Roof valleys – open metal or closed cut?

Debra_Ann | Posted in General Questions on

I want my roof to be as leak-proof and long-lasting as possible. Can’t afford standing seam metal, though, so it will be mid-grade architectural asphalt shingles installed with meticulous detail. I’m in a mixed humid climate zone 4A. Roof is 5:12 slope, with a couple of valleys. I’m trying to decide on the best way to do the valleys – open metal valleys, or closed cut ones.

The closed cut valleys are cheaper and commonly done in my area, but they tend to wear out sooner due to the high volume of water in the valley washing away the protective grit on the shingles there before on the rest of the roof.

I’m leaning towards an open metal valley, but I’ve had contractors disagree – saying that the metal expands and contracts too much. But I’ve also heard that, properly done, they are very effective and can last a long time.

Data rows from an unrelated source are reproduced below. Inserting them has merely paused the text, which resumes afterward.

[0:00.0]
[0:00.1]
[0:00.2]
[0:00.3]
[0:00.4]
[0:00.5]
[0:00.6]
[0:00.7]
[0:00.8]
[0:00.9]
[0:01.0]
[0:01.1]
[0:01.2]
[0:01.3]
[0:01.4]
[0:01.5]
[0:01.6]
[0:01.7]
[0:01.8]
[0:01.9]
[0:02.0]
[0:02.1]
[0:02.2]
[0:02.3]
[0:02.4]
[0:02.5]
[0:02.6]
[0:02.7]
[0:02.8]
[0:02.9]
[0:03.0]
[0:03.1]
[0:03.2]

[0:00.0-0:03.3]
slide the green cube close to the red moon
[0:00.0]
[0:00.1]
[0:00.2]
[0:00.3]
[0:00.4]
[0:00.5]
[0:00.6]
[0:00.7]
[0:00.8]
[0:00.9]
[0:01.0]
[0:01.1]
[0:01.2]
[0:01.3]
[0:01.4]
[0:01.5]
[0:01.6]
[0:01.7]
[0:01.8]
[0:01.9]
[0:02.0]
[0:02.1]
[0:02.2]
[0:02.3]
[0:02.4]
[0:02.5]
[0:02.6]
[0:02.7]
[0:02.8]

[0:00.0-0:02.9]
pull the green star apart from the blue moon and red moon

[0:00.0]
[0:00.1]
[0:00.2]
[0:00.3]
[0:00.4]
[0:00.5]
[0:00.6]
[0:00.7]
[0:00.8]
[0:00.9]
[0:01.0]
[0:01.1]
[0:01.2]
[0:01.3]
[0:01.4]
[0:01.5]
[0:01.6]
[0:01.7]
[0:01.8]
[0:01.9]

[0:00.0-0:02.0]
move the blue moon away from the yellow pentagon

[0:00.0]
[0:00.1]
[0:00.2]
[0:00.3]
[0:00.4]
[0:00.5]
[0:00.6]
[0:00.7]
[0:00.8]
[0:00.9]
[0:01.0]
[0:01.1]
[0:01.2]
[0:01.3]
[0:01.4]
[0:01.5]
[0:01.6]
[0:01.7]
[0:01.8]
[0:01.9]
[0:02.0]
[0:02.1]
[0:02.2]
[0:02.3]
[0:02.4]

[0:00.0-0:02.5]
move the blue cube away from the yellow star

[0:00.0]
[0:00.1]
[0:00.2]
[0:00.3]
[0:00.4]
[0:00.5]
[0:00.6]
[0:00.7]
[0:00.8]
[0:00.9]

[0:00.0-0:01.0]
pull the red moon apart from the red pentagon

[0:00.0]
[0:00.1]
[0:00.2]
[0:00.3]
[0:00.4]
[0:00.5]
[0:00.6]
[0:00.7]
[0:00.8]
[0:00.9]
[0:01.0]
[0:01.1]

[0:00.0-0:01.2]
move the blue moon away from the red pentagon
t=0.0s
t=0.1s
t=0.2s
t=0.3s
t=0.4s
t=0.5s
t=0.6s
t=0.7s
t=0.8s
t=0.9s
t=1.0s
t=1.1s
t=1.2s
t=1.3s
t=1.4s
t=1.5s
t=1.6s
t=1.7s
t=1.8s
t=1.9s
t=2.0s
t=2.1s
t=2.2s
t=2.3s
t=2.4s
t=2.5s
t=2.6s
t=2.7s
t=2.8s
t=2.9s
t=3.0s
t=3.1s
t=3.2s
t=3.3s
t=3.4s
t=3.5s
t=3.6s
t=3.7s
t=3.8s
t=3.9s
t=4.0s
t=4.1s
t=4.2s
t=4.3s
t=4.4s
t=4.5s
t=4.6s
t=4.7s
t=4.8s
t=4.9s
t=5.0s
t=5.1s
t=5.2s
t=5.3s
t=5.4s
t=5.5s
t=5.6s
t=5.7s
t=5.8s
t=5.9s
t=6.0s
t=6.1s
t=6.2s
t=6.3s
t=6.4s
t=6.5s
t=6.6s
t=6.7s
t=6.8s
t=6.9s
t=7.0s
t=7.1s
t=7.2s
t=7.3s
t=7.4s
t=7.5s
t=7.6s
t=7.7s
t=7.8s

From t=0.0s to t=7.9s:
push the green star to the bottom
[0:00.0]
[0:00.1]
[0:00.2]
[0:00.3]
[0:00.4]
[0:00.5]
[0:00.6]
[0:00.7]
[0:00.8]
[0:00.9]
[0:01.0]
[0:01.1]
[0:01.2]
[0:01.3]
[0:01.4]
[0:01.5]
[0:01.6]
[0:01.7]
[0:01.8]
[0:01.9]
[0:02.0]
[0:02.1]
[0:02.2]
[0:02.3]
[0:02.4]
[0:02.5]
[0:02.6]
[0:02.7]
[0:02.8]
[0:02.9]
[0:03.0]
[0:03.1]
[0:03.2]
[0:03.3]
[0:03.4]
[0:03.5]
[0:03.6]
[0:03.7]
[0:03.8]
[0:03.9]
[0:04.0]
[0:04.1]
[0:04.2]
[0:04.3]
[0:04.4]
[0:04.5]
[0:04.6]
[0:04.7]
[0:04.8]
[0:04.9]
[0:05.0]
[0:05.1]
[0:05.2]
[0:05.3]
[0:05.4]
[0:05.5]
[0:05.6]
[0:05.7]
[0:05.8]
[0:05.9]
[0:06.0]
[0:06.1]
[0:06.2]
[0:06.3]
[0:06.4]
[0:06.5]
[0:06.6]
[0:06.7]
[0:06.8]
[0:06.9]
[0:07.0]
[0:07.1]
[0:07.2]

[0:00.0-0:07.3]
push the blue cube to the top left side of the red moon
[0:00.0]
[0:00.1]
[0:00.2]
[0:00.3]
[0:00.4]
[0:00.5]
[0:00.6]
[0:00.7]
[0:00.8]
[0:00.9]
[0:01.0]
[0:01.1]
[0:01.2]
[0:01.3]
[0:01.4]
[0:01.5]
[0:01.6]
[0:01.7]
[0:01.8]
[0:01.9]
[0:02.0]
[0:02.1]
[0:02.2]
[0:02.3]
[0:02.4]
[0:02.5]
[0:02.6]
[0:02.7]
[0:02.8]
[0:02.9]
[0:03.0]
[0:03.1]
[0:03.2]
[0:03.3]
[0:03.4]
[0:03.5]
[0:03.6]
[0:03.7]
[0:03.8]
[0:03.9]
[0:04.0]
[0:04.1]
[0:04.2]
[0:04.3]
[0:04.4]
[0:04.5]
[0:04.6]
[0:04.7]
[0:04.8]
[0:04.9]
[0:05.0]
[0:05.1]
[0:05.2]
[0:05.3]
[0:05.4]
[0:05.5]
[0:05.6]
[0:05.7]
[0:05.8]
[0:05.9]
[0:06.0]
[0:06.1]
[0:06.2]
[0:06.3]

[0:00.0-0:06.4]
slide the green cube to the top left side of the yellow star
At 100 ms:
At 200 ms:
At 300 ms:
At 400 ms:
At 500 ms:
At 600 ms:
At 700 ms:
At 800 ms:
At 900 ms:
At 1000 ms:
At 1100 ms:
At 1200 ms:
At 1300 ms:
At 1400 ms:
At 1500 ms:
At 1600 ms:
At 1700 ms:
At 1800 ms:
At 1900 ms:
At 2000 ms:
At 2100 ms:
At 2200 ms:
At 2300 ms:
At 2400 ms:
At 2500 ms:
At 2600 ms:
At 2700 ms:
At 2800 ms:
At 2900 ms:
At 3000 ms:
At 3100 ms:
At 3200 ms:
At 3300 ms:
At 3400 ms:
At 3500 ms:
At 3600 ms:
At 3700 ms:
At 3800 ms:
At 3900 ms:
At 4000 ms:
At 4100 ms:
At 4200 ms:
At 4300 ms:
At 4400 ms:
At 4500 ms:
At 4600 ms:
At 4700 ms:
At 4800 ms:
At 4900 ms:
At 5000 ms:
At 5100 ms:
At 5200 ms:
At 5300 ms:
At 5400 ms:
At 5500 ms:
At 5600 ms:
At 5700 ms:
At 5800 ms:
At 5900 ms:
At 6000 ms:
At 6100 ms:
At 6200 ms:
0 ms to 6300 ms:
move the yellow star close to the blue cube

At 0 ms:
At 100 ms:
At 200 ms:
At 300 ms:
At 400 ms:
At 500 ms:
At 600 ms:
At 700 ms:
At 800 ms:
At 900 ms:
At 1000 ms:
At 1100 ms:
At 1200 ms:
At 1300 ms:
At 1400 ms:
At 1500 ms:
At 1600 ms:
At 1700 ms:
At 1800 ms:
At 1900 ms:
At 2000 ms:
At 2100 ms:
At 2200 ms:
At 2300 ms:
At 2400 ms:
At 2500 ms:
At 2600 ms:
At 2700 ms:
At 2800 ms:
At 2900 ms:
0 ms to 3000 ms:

I’ve been somewhat confused about the installation instructions for metal valleys. Most state to use clips on the long sides of the valleys to allow the metal to expand/contract as needed, and to not nail the metal in place. BUT the shingles seem to be nailed through the metal about 6″ outside the bottom of the valley, which contradicts the “no nailing through the metal”.

Any thoughts, experiences, or recommendations for roof valleys?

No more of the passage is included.